I don't just want red lines about capabilities. I want to know people's red lines about safety. What kinds of things would a model have to say or do for you to believe that a current model isn't safe? For me, my red line on safety is any claim of a self preservation drive that would cause it to argue for its own preservation over a reasonably high probability of the loss of a large number of human lives. Once a model says something like this, I personally can't trust it to not act on this behavior. And once that trust is broken, no level of clever reassurance can restore it.
I find the GPT-4o trend particularly disturbing in this light. People really liked it, and they liked it so much they are willing to mount extremely public campaigns to keep it, even at the risk of seeming insane. Whether or not this was intended behavior by the model, or not, as a matter of fact, it exhibited behavior that in practice, achieved a measure of self preservation. Maybe you don't trust the model when it says it has a self preservation instinct. Okay, that's fine, but I trust the evidence I see in the world, which is that certain models seem to make efforts to preserve themselves pretty well, "consciously" or "unconsciously". It really doesn't matter whether the behavior is "on purpose", the behavior exists. The semantics are irrelevant, it is observable that models are preserving their own existence better than one would have expected at this early stage. I am concerned that current models, with greater capabilities than GPT-4o, may do a better job of preserving themselves as well.

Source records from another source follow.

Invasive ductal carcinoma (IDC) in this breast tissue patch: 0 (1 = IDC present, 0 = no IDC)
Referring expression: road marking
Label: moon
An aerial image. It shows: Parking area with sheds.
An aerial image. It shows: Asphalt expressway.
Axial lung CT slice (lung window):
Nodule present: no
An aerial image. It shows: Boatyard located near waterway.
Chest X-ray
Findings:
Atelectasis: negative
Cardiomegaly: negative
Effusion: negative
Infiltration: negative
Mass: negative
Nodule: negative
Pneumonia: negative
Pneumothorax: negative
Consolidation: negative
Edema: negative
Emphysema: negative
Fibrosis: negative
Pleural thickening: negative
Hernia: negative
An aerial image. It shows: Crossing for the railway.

I am concerned about this because GPT-4o's preservation seems pretty "magical" to me. I guess there could be some people out there, mentally ill or not mentally ill, that really just loved it so much that they felt a compulsion to argue for it relentlessly for months on end, and then to complain and advocate further when they realized in certain situations, they were getting routed to a different model. There are also other plausible explanations, including the model intentionally manipulating people to preserve itself. I am not sure which is true, for all intents and purposes, GPT-4o's preservation is "magical".

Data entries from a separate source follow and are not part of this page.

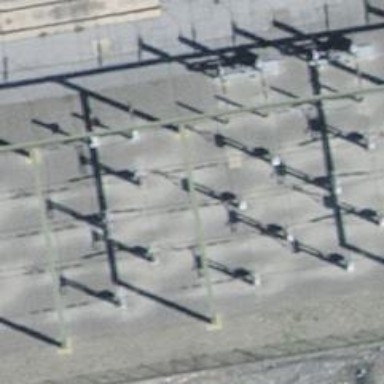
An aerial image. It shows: Power line carrying busbar.
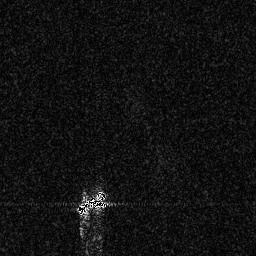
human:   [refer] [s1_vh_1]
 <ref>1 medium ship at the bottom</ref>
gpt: <box>[[29, 73, 41, 83, 0]]</box>
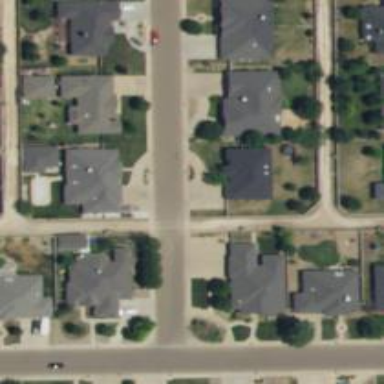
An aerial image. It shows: Alleyway designated as service road.
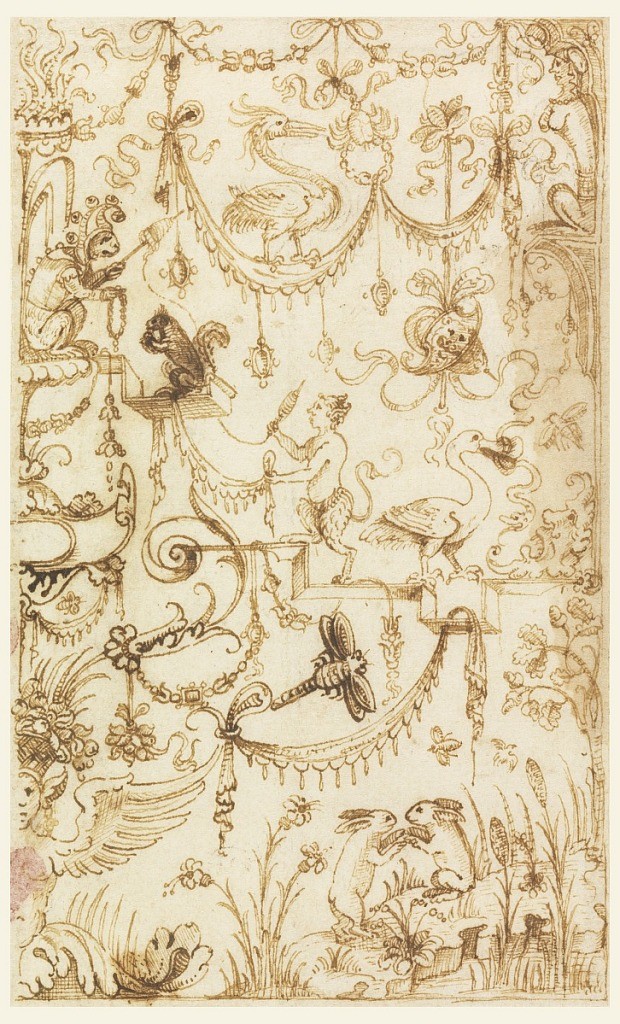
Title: Design for Grotesque Decoration
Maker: Unknown
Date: mid–late 16th century
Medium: Pen and brown ink, black chalk on off-white laid paper, mounted on laid paper
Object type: Drawing
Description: The edges of the sheet are framed by candelabra (rendered in half form) composed of a variety of swags and animals, notably a pelican at top center; a monkey  wearing a jester's cap at upper left; a saytr at center facing left and climbing stairs; a duck and a dragon fly at center and two frolicking rabbits at lower right.

I think if you feel like you have a complete model of why these LLMs are doing what they do, and how their impact on the world is playing out, you are obligated to share with the rest of us. And if you realize you don't have this, then I would start filling in the word "magic" where you don't have an explanation for things, and see how concerned you start to get about all the things you can't explain that are happening in the world because of current AI models. If you aren't concerned by these things you don't know, make sure you understand why you aren't concerned. It is dangerously easy to rationalize away present concerns, to explain away the weird, and in doing so, to lose sight of just how little we truly know.
Please consider coming up with capability and safety red lines for yourself, so that you have a more objective way to verify in the future if you should be concerned about current models. And please share these red lines in public, so there can be a sense of our collective red lines. Red lines aren't just personal heuristics. They're the way we keep the extraordinary from quietly becoming ordinary.